--- Work instructions ---
Only the pictures are to be left out; set down the rest of the records exactly.

Records contained in a dataset
____________________

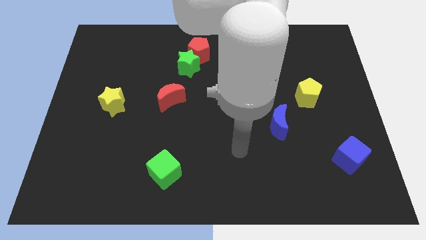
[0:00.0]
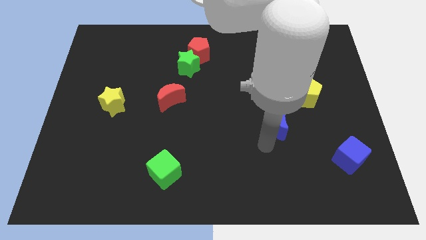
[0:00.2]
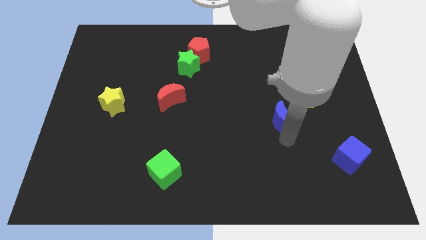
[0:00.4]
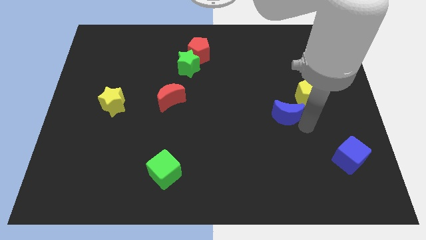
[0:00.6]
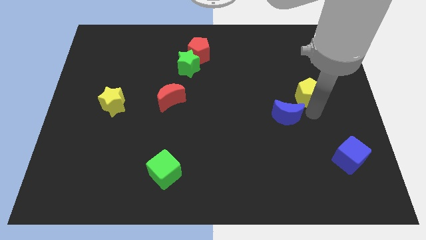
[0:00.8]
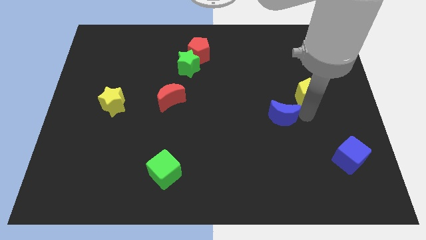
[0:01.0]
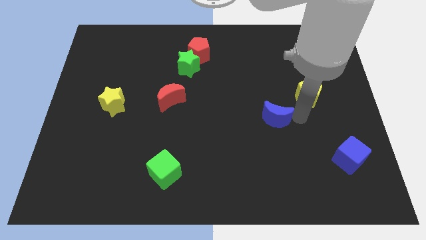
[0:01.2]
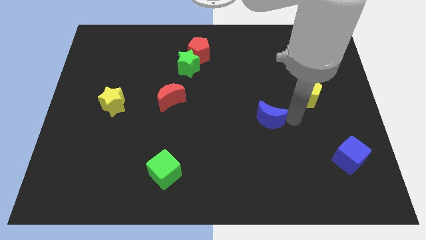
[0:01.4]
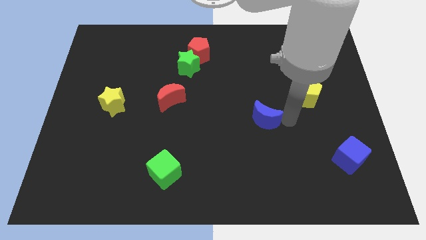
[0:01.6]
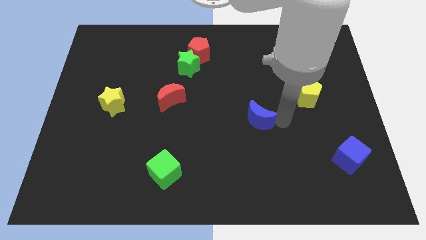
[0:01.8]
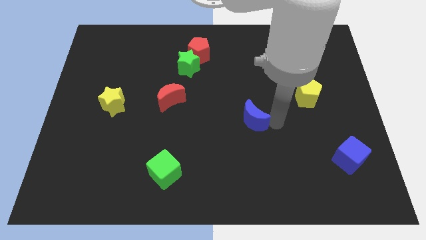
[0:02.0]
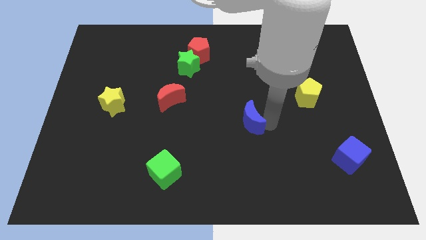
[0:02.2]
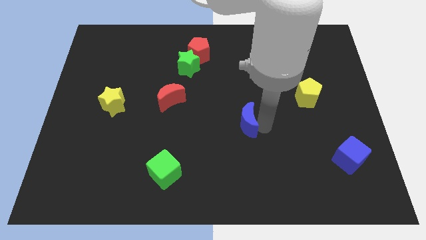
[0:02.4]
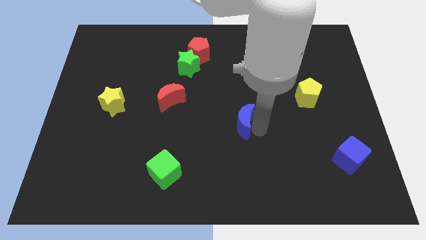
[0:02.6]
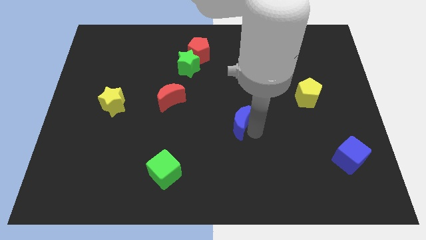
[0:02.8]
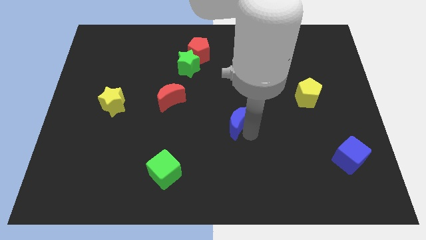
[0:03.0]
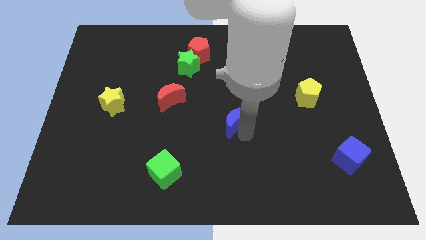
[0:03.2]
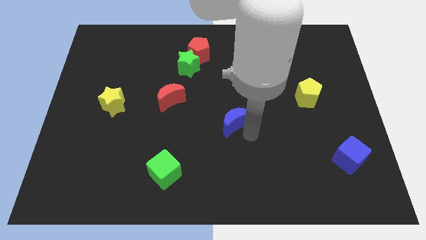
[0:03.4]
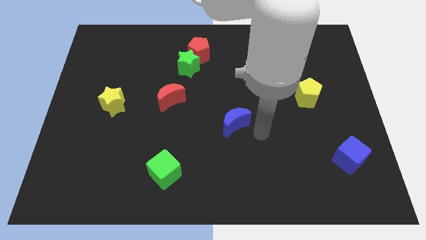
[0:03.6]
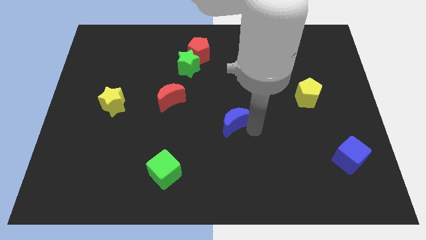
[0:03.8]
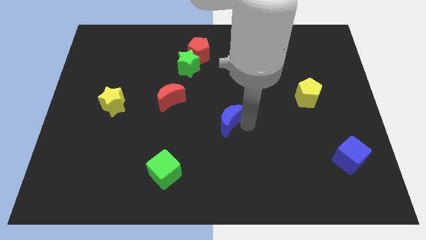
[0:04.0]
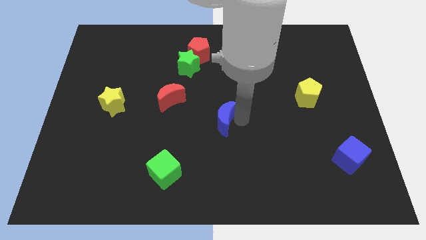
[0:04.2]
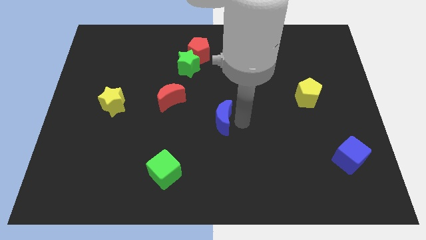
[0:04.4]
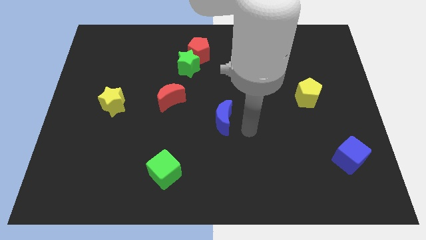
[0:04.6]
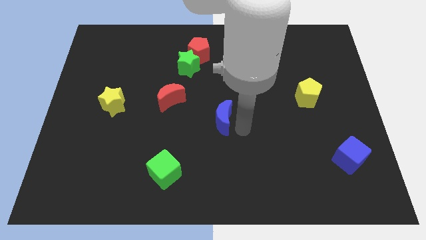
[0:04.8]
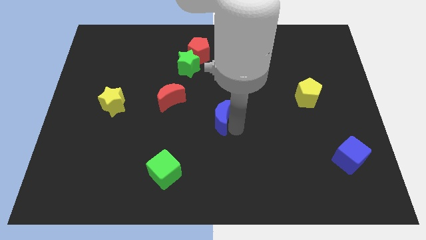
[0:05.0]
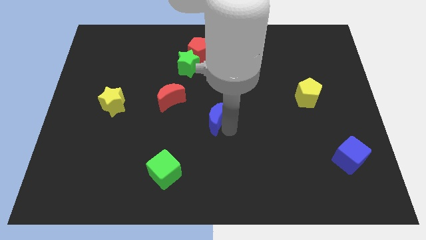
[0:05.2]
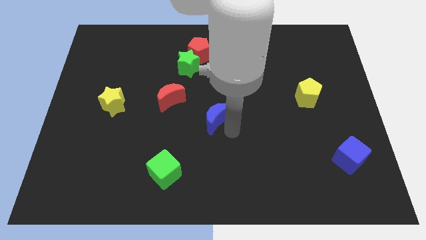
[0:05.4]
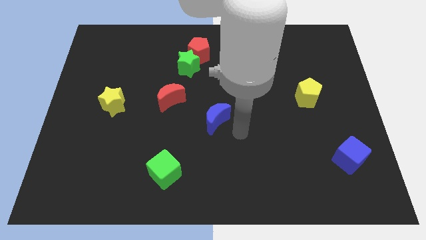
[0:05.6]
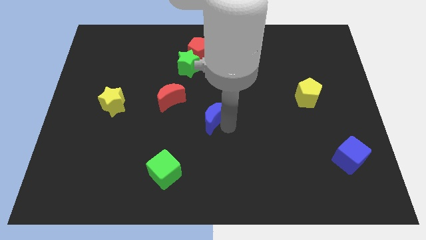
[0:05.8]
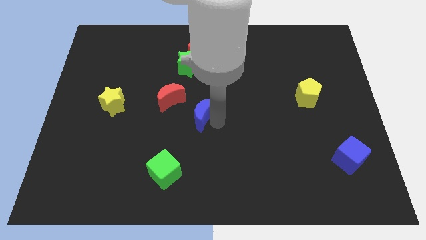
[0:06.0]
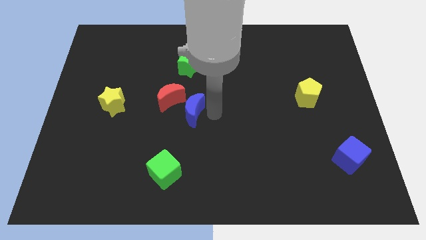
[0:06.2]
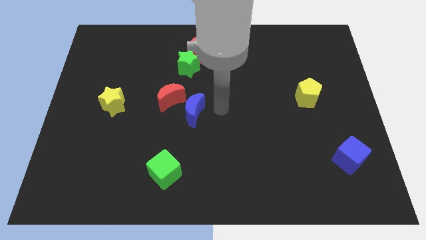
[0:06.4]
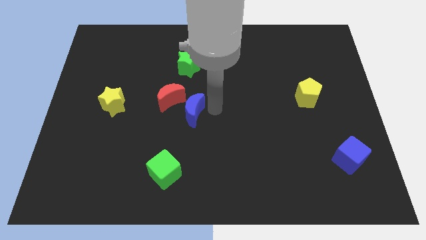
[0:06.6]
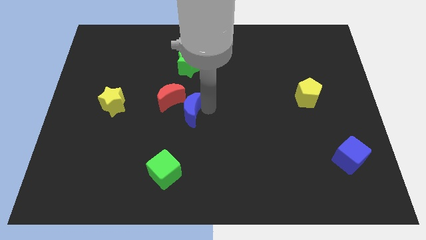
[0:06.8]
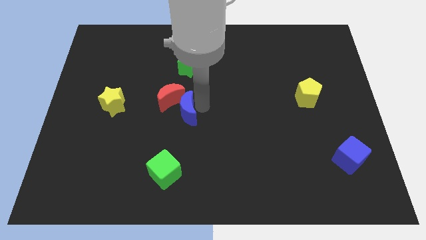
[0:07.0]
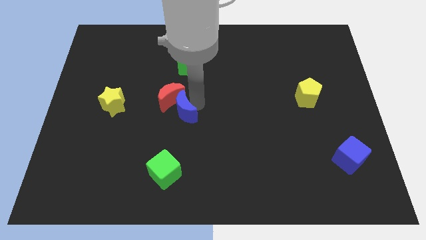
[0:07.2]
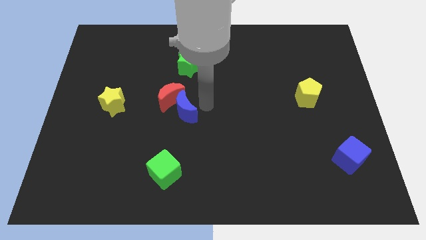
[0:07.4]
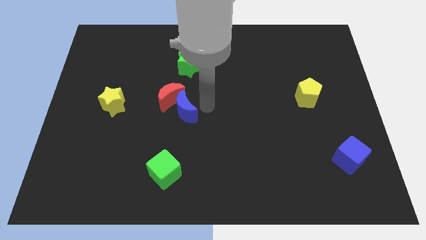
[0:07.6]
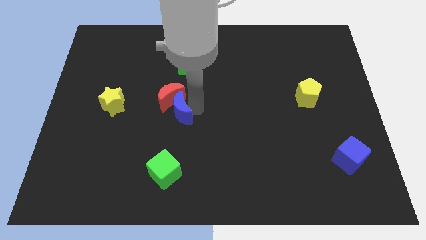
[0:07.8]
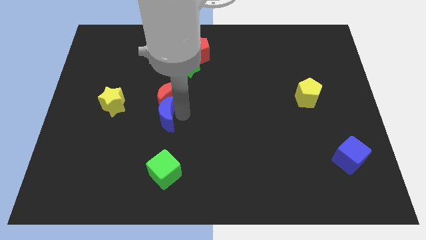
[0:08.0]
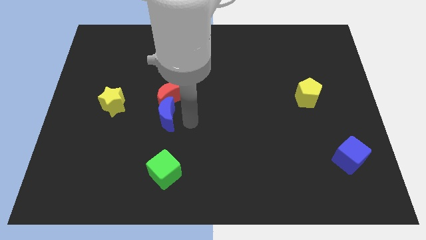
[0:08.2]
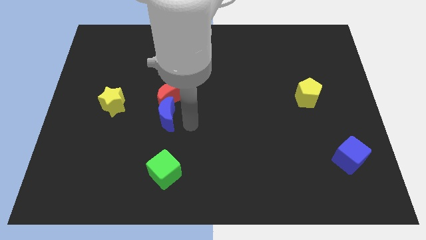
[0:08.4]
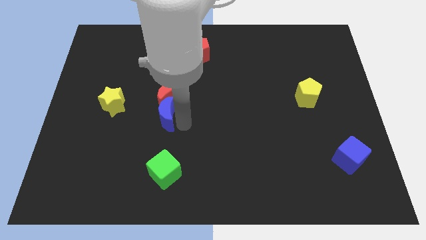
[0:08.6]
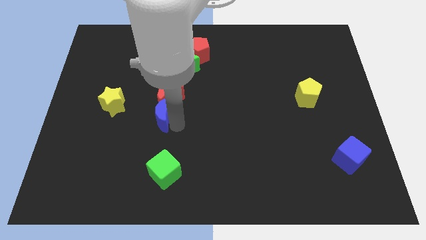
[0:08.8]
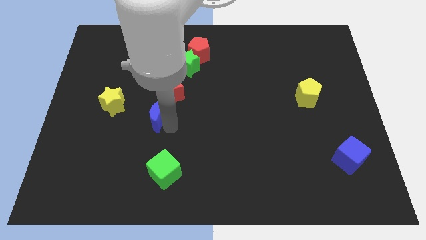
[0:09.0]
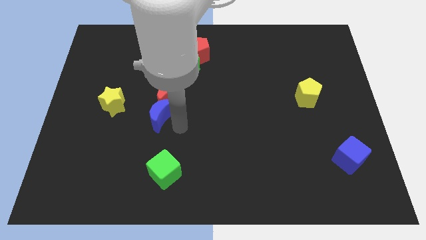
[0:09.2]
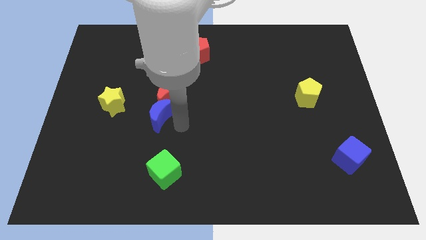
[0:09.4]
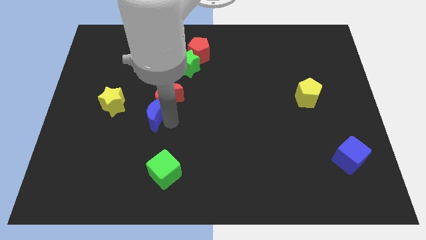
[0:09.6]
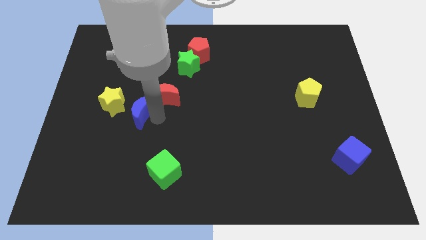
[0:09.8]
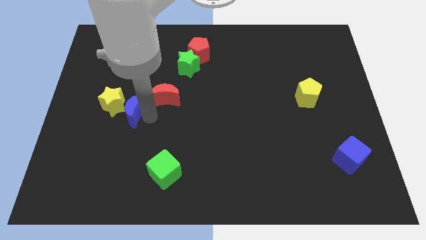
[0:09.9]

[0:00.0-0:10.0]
slide the blue moon towards the yellow star

____________________

--- Output of the task ---
[0:00.0]
[0:00.2]
[0:00.4]
[0:00.6]
[0:00.8]
[0:01.0]
[0:01.2]
[0:01.4]
[0:01.6]
[0:01.8]
[0:02.0]
[0:02.2]
[0:02.4]
[0:02.6]
[0:02.8]
[0:03.0]
[0:03.2]
[0:03.4]
[0:03.6]
[0:03.8]
[0:04.0]
[0:04.2]
[0:04.4]
[0:04.6]
[0:04.8]
[0:05.0]
[0:05.2]
[0:05.4]
[0:05.6]
[0:05.8]
[0:06.0]
[0:06.2]
[0:06.4]
[0:06.6]
[0:06.8]
[0:07.0]
[0:07.2]
[0:07.4]
[0:07.6]
[0:07.8]
[0:08.0]
[0:08.2]
[0:08.4]
[0:08.6]
[0:08.8]
[0:09.0]
[0:09.2]
[0:09.4]
[0:09.6]
[0:09.8]
[0:09.9]

[0:00.0-0:10.0]
slide the blue moon towards the yellow star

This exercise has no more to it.